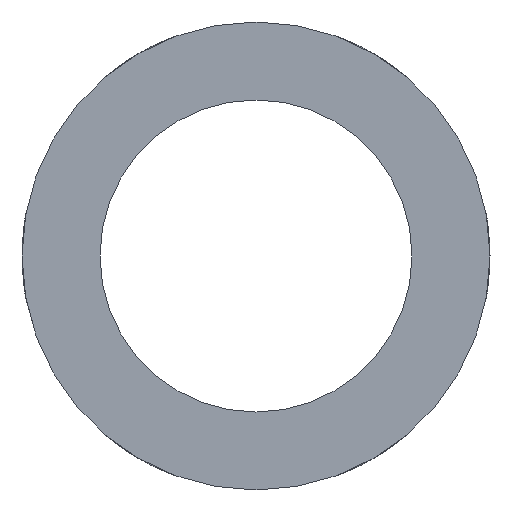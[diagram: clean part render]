
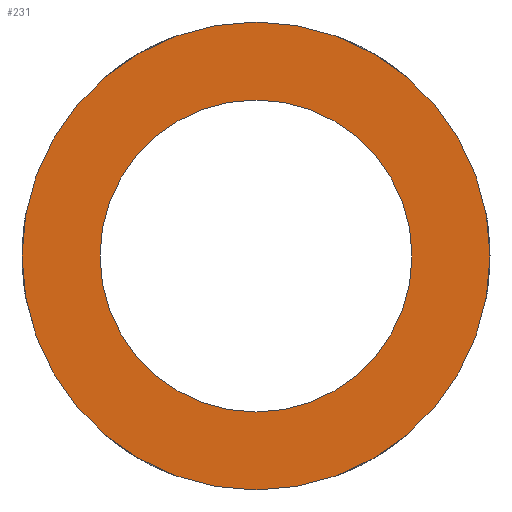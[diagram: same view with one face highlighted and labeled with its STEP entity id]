
A CAD part, left-side view. The second image highlights one B-rep face of the part: STEP entity #231.
In plain terms, the highlighted planar face has unit normal (-1, 0, 0).
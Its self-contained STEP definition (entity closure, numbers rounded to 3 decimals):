
#231 = ADVANCED_FACE( '', ( #534, #535 ), #536, .T. );
#534 = FACE_BOUND( '', #920, .T. );
#535 = FACE_OUTER_BOUND( '', #921, .T. );
#536 = PLANE( '', #922 );
#920 = EDGE_LOOP( '', ( #1516 ) );
#921 = EDGE_LOOP( '', ( #1517 ) );
#922 = AXIS2_PLACEMENT_3D( '', #1518, #1519, #1520 );
#1516 = ORIENTED_EDGE( '', *, *, #2312, .T. );
#1517 = ORIENTED_EDGE( '', *, *, #2361, .F. );
#1518 = CARTESIAN_POINT( '', ( 0., 37.5, 0. ) );
#1519 = DIRECTION( '', ( -1., 0., 0. ) );
#1520 = DIRECTION( '', ( 0., 0., 1. ) );
#2312 = EDGE_CURVE( '', #2803, #2803, #2804, .T. );
#2361 = EDGE_CURVE( '', #2871, #2871, #2872, .T. );
#2803 = VERTEX_POINT( '', #3435 );
#2804 = CIRCLE( '', #3436, 25. );
#2871 = VERTEX_POINT( '', #3520 );
#2872 = CIRCLE( '', #3521, 37.5 );
#3435 = CARTESIAN_POINT( '', ( 0., 0., -25. ) );
#3436 = AXIS2_PLACEMENT_3D( '', #4050, #4051, #4052 );
#3520 = CARTESIAN_POINT( '', ( 0., 0., -37.5 ) );
#3521 = AXIS2_PLACEMENT_3D( '', #4115, #4116, #4117 );
#4050 = CARTESIAN_POINT( '', ( 0., 0., 0. ) );
#4051 = DIRECTION( '', ( 1., 0., 0. ) );
#4052 = DIRECTION( '', ( 0., 0., -1. ) );
#4115 = CARTESIAN_POINT( '', ( 0., 0., 0. ) );
#4116 = DIRECTION( '', ( 1., 0., 0. ) );
#4117 = DIRECTION( '', ( 0., 0., -1. ) );

_EXERCISE DESCRIPTION:_
Across the records above, count the lines holding "CIRCLE" and write down only that count.

_RESULT OF THIS TASK:_
2